As I see you have already updated docs for this issue. Guess the issue may be closed :v:
Great to hear!
@MarijnJV does the above address your original issue as well?
It has been a while, but I will look into it.
@aThorp96 I am able to reproduce it with the following configuration:
ConfigMap:
apiVersion: v1
kind: ConfigMap
metadata:
name: config-defaults
namespace: renovate
labels:
app.kubernetes.io/instance: default
app.kubernetes.io/part-of: tekton-pipelines
data:
default-timeout-minutes: "250" # 4h10m
Pipeline:
apiVersion: tekton.dev/v1
kind: Pipeline
metadata:
name: renovate-full
namespace: renovate
spec:
tasks:
- name: run-renovate
taskRef:
kind: Task
name: run-renovate
timeout: 2h30m0s
This results in the following PipelineRun when I start it from the dashboard:
apiVersion: tekton.dev/v1
kind: PipelineRun
metadata:
name: renovate-full-3a43jg
generation: 1
namespace: renovate
finalizers:
- chains.tekton.dev/pipelinerun
labels:
tekton.dev/pipeline: renovate-full
spec:
pipelineRef:
name: renovate-full
taskRunTemplate:
serviceAccountName: pipeline
timeouts:
pipeline: 1h0m0s <-- This is the default timeout, but should be 4h10m (from configmap)
status:
childReferences:
- apiVersion: tekton.dev/v1
kind: TaskRun
name: renovate-full-3a43jg-run-renovate
pipelineTaskName: run-renovate
completionTime: '2025-01-24T10:02:18Z'
conditions:
- lastTransitionTime: '2025-01-24T10:02:18Z'
message: 'Tasks Completed: 1 (Failed: 0, Cancelled 0), Skipped: 0'
reason: Succeeded
status: 'True'
type: Succeeded
pipelineSpec:
tasks:
- name: run-renovate
taskRef:
kind: Task
name: run-renovate
timeout: 2h30m0s <-- task timeout is correct
However, when using tkn pipeline start <pipeline name> --pipeline-timeout "2h30m0s", the timeout is correctly set. So the ConfigMap may be the root of the problem. It could also just be the case that I have not configured it correctly.

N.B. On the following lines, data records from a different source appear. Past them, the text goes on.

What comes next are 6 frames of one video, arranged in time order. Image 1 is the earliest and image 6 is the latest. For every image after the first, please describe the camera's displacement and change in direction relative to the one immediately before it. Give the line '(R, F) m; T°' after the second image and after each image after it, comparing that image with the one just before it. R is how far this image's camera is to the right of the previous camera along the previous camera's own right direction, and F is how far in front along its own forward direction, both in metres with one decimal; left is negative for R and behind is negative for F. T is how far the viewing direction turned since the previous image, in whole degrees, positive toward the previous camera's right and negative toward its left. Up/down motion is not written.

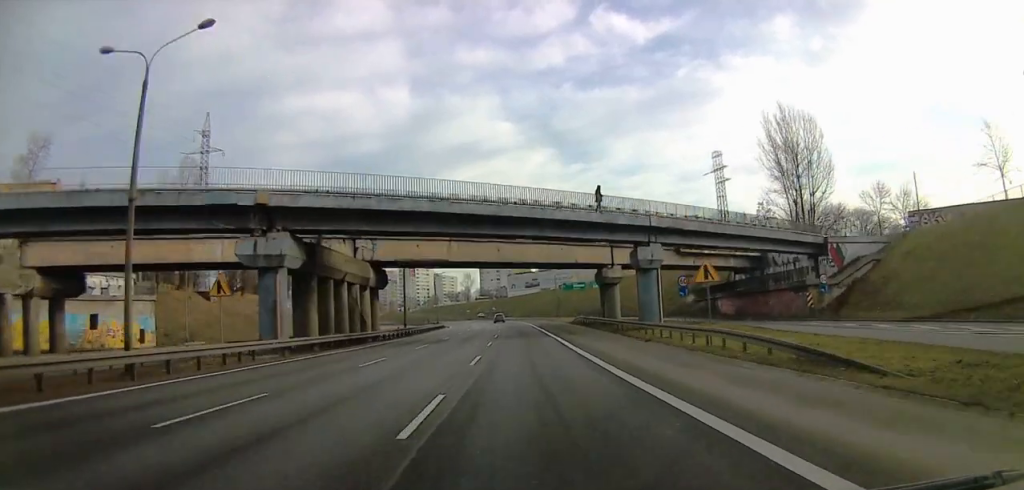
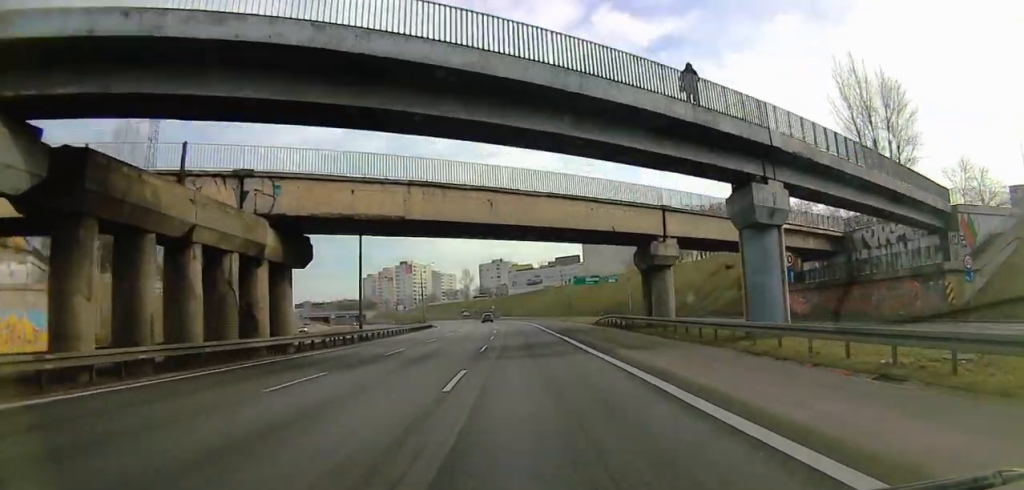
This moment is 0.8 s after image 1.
(-0.5, +20.1) m; -2°
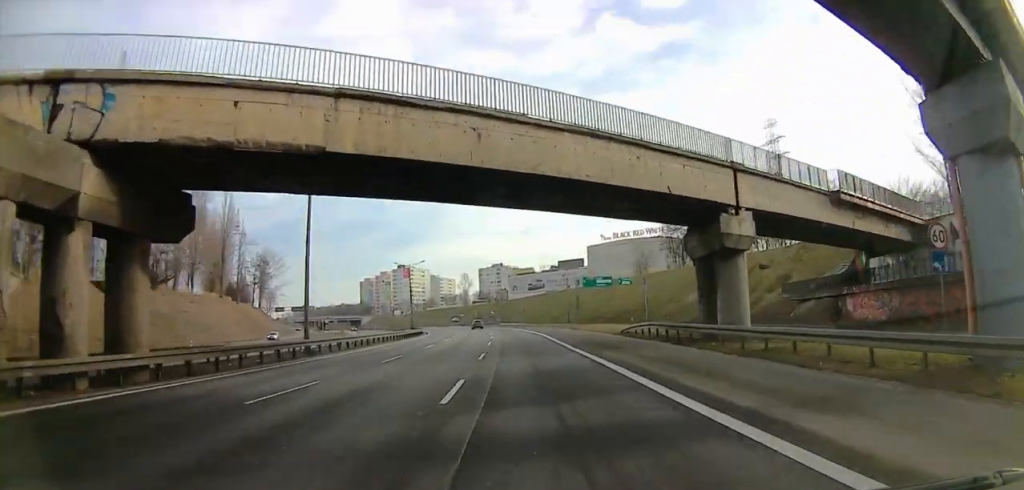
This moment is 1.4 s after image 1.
(0.0, +12.8) m; -1°
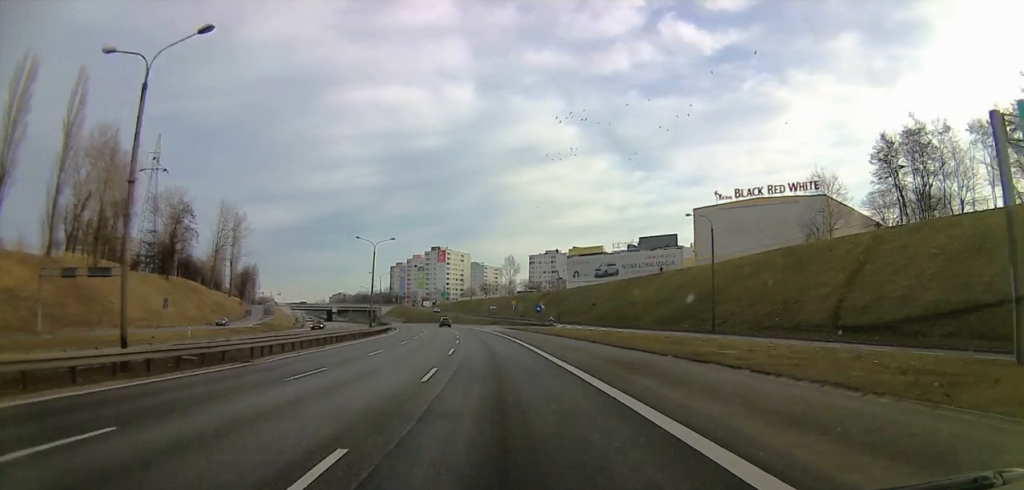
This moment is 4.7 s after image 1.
(+4.3, +77.2) m; -4°
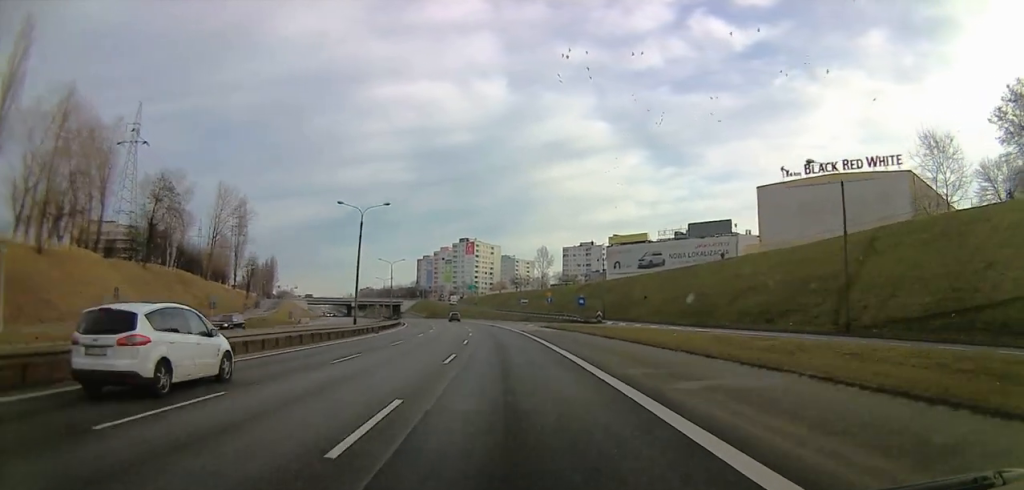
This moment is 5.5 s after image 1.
(-1.2, +20.5) m; -1°
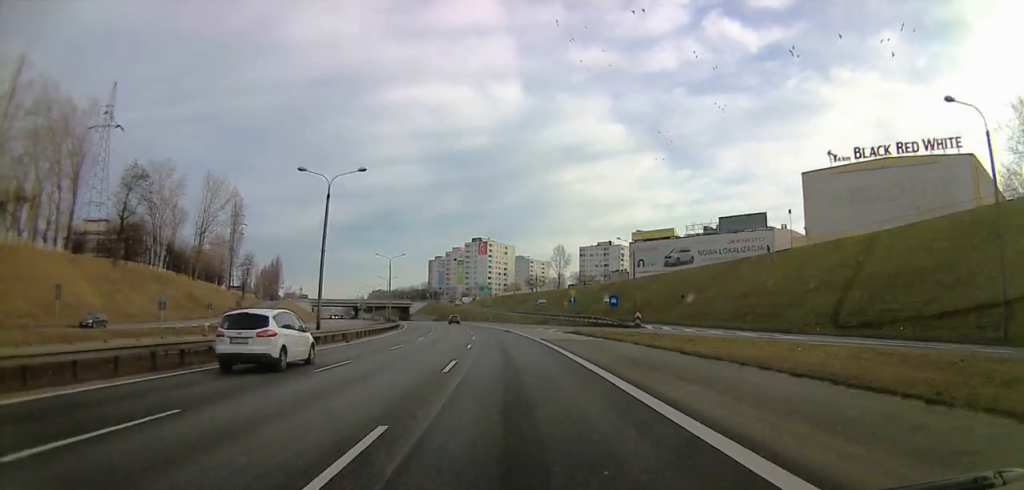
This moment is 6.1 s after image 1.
(+0.2, +14.2) m; -1°

Client version: 0.33.0 Chains version: v0.20.1 Pipeline version: v0.59.4 Triggers version: v0.27.0 Operator version: v0.71.0
@MarijnJV do you reproduce by doing tkn pipeline start <pipeline name> ? This could be a cli issue, where cli would use the "default timeout" of 1h from code and not reading the configmap — but looking at the code, it shouldn't be the case 🤔 .
Pipeline version: v0.59.4
The current is v0.66.0 🙄 . @MarijnJV pls bump your versions and try again
I would like to ask in this chat as I tested this behaviour.
I would like to ask if it is possible to set the timeout for whole pipeline by setting it directly in pipeline definitions:
apiVersion: tekton.dev/v1 kind: Pipeline metadata: name: testpipelinetimeout namespace: testns spec: tasks: - name: testpipelinetimeout taskRef: kind: Task name: testpipelinetimeout timeout: 2h0m0s
This definition will set up the timout for tasks for 2 hours. And the pipeline timeout will be taken from default setting from config map and it is 1h. This works as decribed.
Then I can change the default timeout and it works for me also. But I do not want to change it for everybody. Is it possible to change the timeout directly in pipeline? The documentation is lack of this.